(Recorded data)

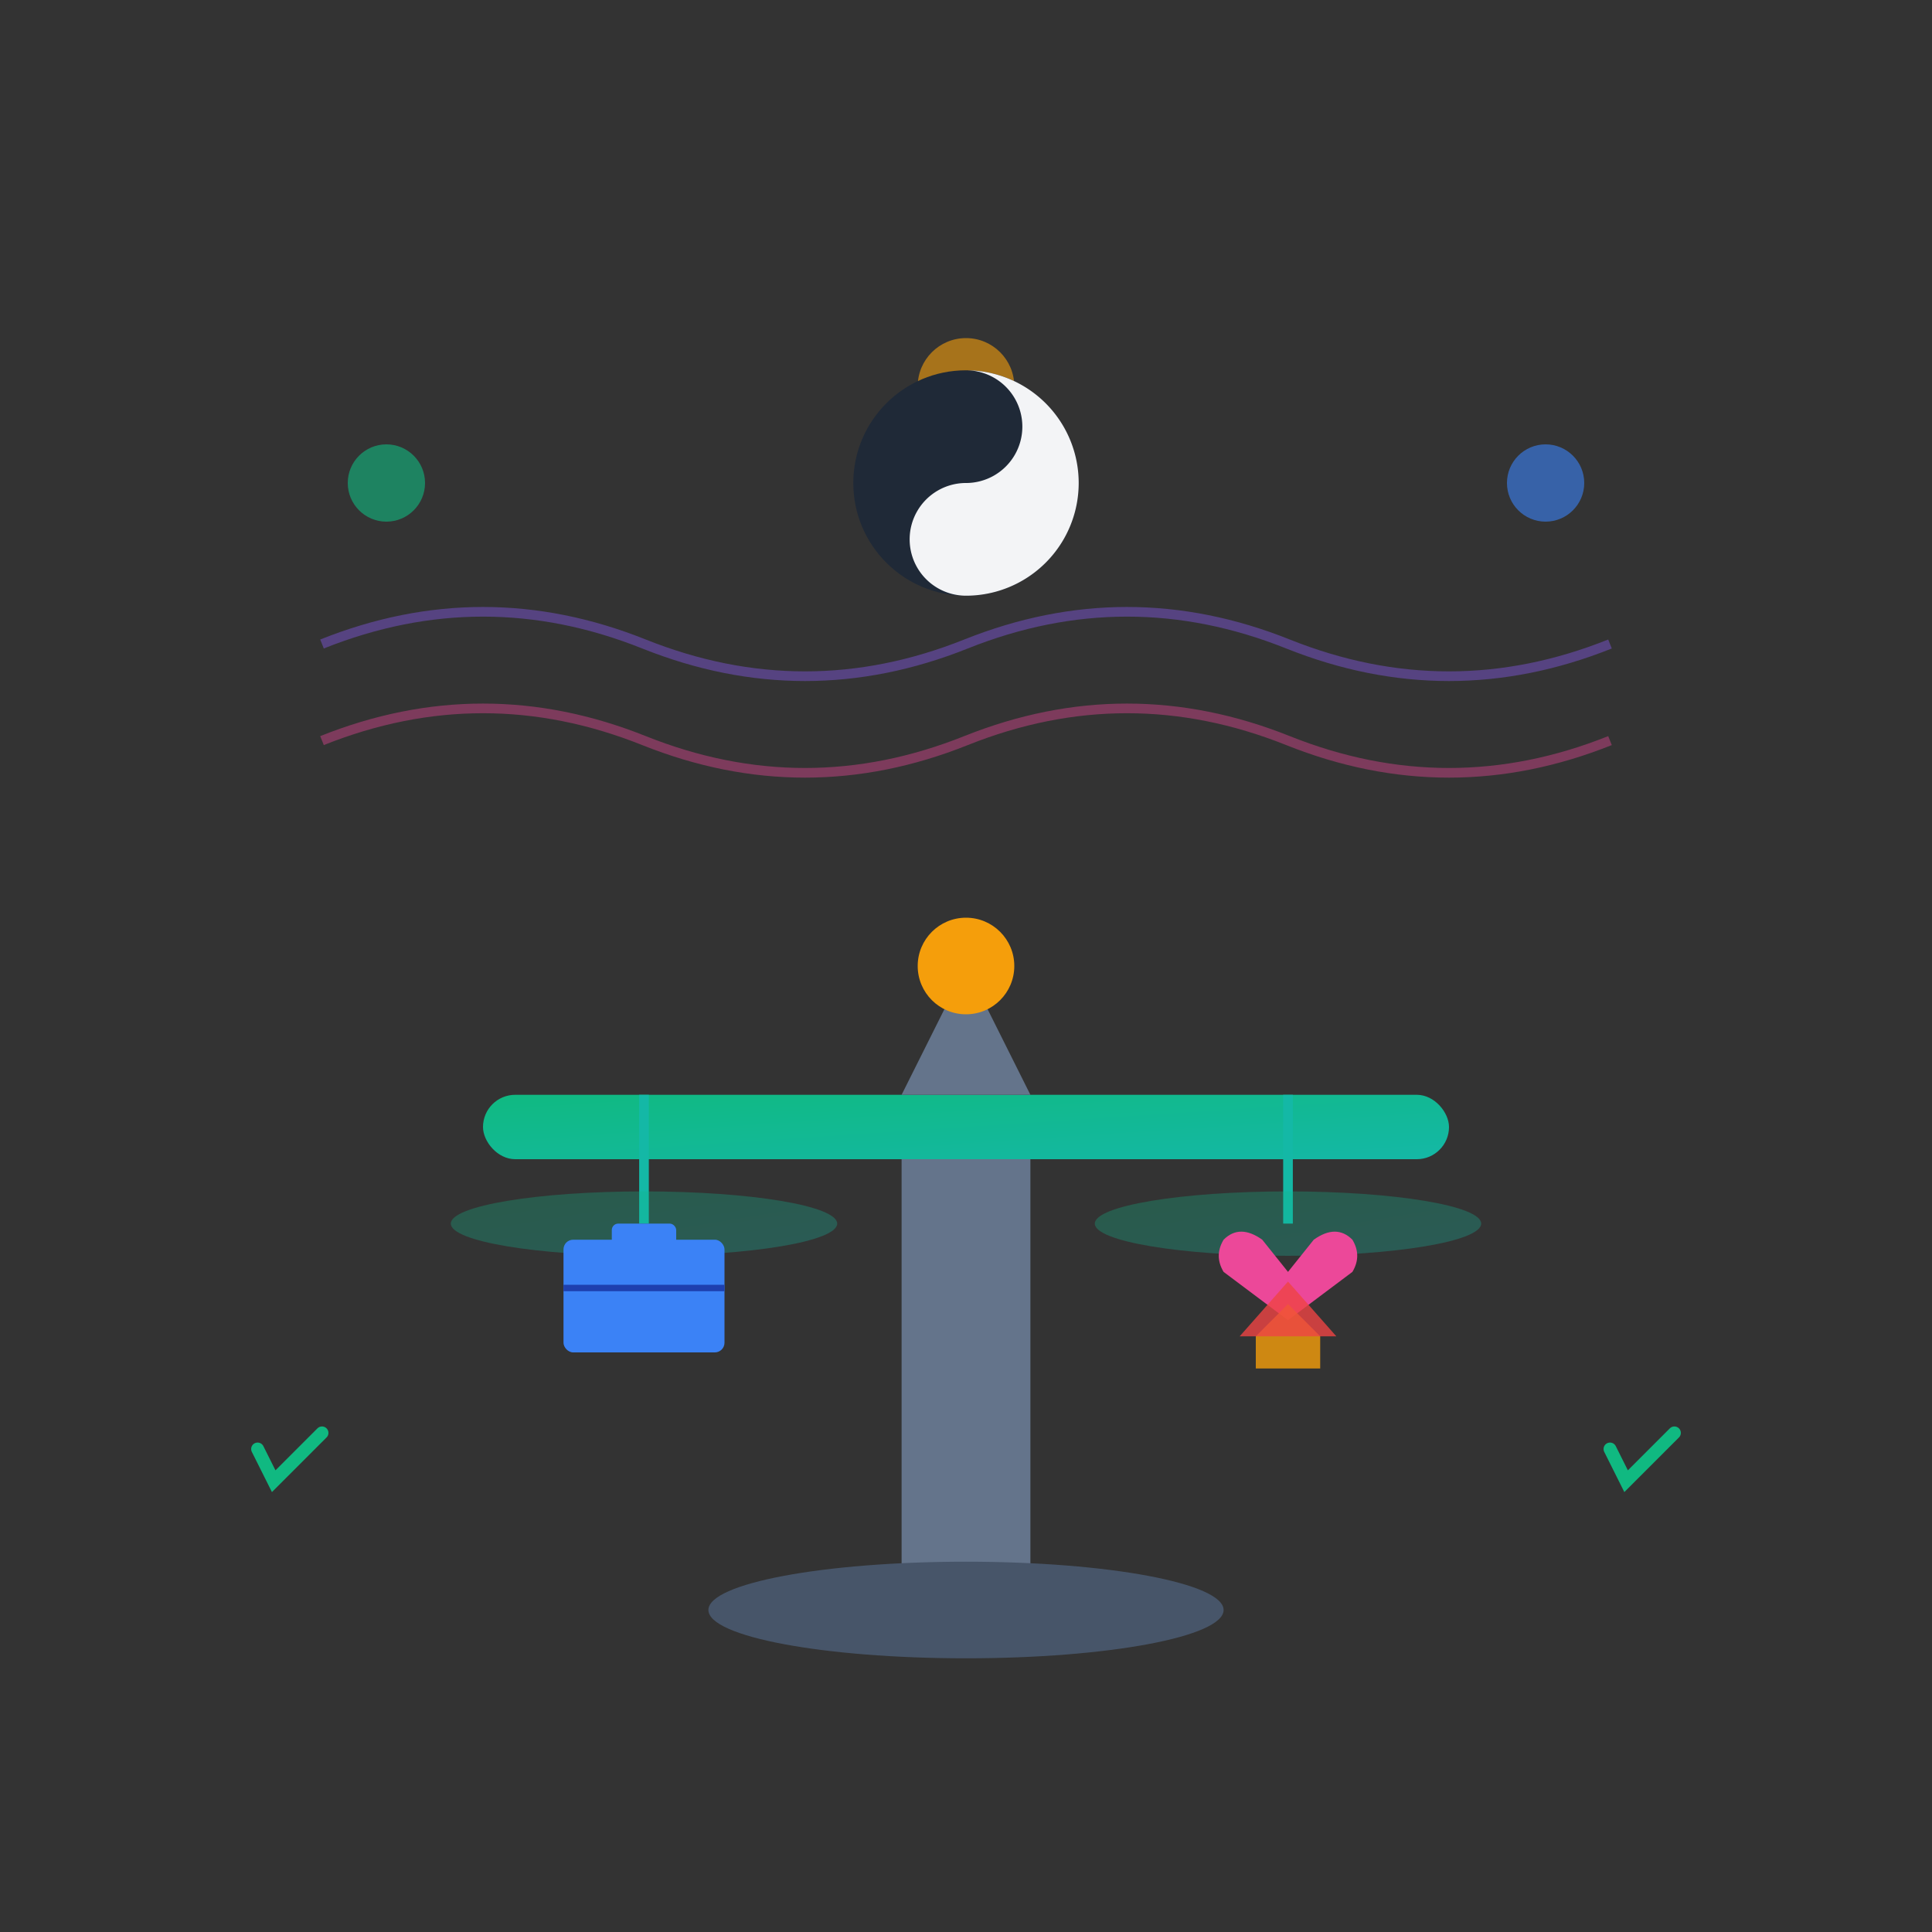 <svg width="600" height="600" viewBox="0 0 600 600" fill="none" xmlns="http://www.w3.org/2000/svg">
  <rect x="0" y="0" width="600" height="600" fill="#333333" stroke="none"/>
  <!-- Life Balance and Harmony -->
  <defs>
    <linearGradient id="balance-grad" x1="0%" y1="0%" x2="100%" y2="100%">
      <stop offset="0%" style="stop-color:#10B981;stop-opacity:1" />
      <stop offset="100%" style="stop-color:#14B8A6;stop-opacity:1" />
    </linearGradient>
  </defs>
  
  <!-- Balance scale base -->
  <rect x="280" y="350" width="40" height="150" fill="#64748B" rx="5"/>
  <ellipse cx="300" cy="500" rx="80" ry="15" fill="#475569"/>
  
  <!-- Balance beam -->
  <rect x="150" y="340" width="300" height="20" fill="url(#balance-grad)" rx="10"/>
  
  <!-- Central pivot -->
  <polygon points="300,300 280,340 320,340" fill="#64748B"/>
  <circle cx="300" cy="300" r="15" fill="#F59E0B"/>
  
  <!-- Left scale plate -->
  <line x1="200" y1="340" x2="200" y2="380" stroke="#14B8A6" stroke-width="3"/>
  <ellipse cx="200" cy="380" rx="60" ry="10" fill="url(#balance-grad)" opacity="0.3"/>
  
  <!-- Work symbols on left -->
  <g transform="translate(200, 400)">
    <!-- Briefcase -->
    <rect x="-25" y="-15" width="50" height="35" fill="#3B82F6" rx="3"/>
    <rect x="-10" y="-20" width="20" height="8" fill="#3B82F6" rx="2"/>
    <line x1="-25" y1="0" x2="25" y2="0" stroke="#1E40AF" stroke-width="2"/>
  </g>
  
  <!-- Right scale plate -->
  <line x1="400" y1="340" x2="400" y2="380" stroke="#14B8A6" stroke-width="3"/>
  <ellipse cx="400" cy="380" rx="60" ry="10" fill="url(#balance-grad)" opacity="0.3"/>
  
  <!-- Life/Personal symbols on right -->
  <g transform="translate(400, 400)">
    <!-- Heart -->
    <path d="M 0 -5 L -8 -15 Q -15 -20 -20 -15 Q -23 -10 -20 -5 L 0 10 L 20 -5 Q 23 -10 20 -15 Q 15 -20 8 -15 Z" 
          fill="#EC4899"/>
    <!-- House -->
    <polygon points="-10,15 0,5 10,15 10,25 -10,25" fill="#F59E0B" opacity="0.8"/>
    <polygon points="-15,15 0,-2 15,15" fill="#EF4444" opacity="0.8"/>
  </g>
  
  <!-- Harmony waves -->
  <path d="M 100 200 Q 150 180 200 200 T 300 200 T 400 200 T 500 200" 
        stroke="#8B5CF6" stroke-width="3" fill="none" opacity="0.4"/>
  <path d="M 100 230 Q 150 210 200 230 T 300 230 T 400 230 T 500 230" 
        stroke="#EC4899" stroke-width="3" fill="none" opacity="0.4"/>
  
  <!-- Floating elements representing balance -->
  <circle cx="120" cy="150" r="12" fill="#10B981" opacity="0.6">
    <animate attributeName="cy" values="150;140;150" dur="3s" repeatCount="indefinite"/>
  </circle>
  <circle cx="480" cy="150" r="12" fill="#3B82F6" opacity="0.6">
    <animate attributeName="cy" values="150;140;150" dur="3s" begin="0.5s" repeatCount="indefinite"/>
  </circle>
  <circle cx="300" cy="120" r="15" fill="#F59E0B" opacity="0.6">
    <animate attributeName="cy" values="120;110;120" dur="3s" begin="1s" repeatCount="indefinite"/>
  </circle>
  
  <!-- Yin-Yang symbol for balance -->
  <g transform="translate(300, 150)">
    <circle cx="0" cy="0" r="35" fill="#1F2937"/>
    <path d="M 0 -35 A 35 35 0 0 1 0 35 A 17.5 17.5 0 0 1 0 0 A 17.5 17.5 0 0 0 0 -35" fill="#F3F4F6"/>
    <circle cx="0" cy="-17.5" r="5" fill="#1F2937"/>
    <circle cx="0" cy="17.5" r="5" fill="#F3F4F6"/>
  </g>
  
  <!-- Success indicators -->
  <path d="M 80 450 L 85 460 L 100 445" stroke="#10B981" stroke-width="4" stroke-linecap="round" fill="none"/>
  <path d="M 500 450 L 505 460 L 520 445" stroke="#10B981" stroke-width="4" stroke-linecap="round" fill="none"/>
</svg>

**Task:** Wherever the string "attributeName" appears in the data above, copy the line it sits in.

**Solution:**
    <animate attributeName="cy" values="150;140;150" dur="3s" repeatCount="indefinite"/>
    <animate attributeName="cy" values="150;140;150" dur="3s" begin="0.5s" repeatCount="indefinite"/>
    <animate attributeName="cy" values="120;110;120" dur="3s" begin="1s" repeatCount="indefinite"/>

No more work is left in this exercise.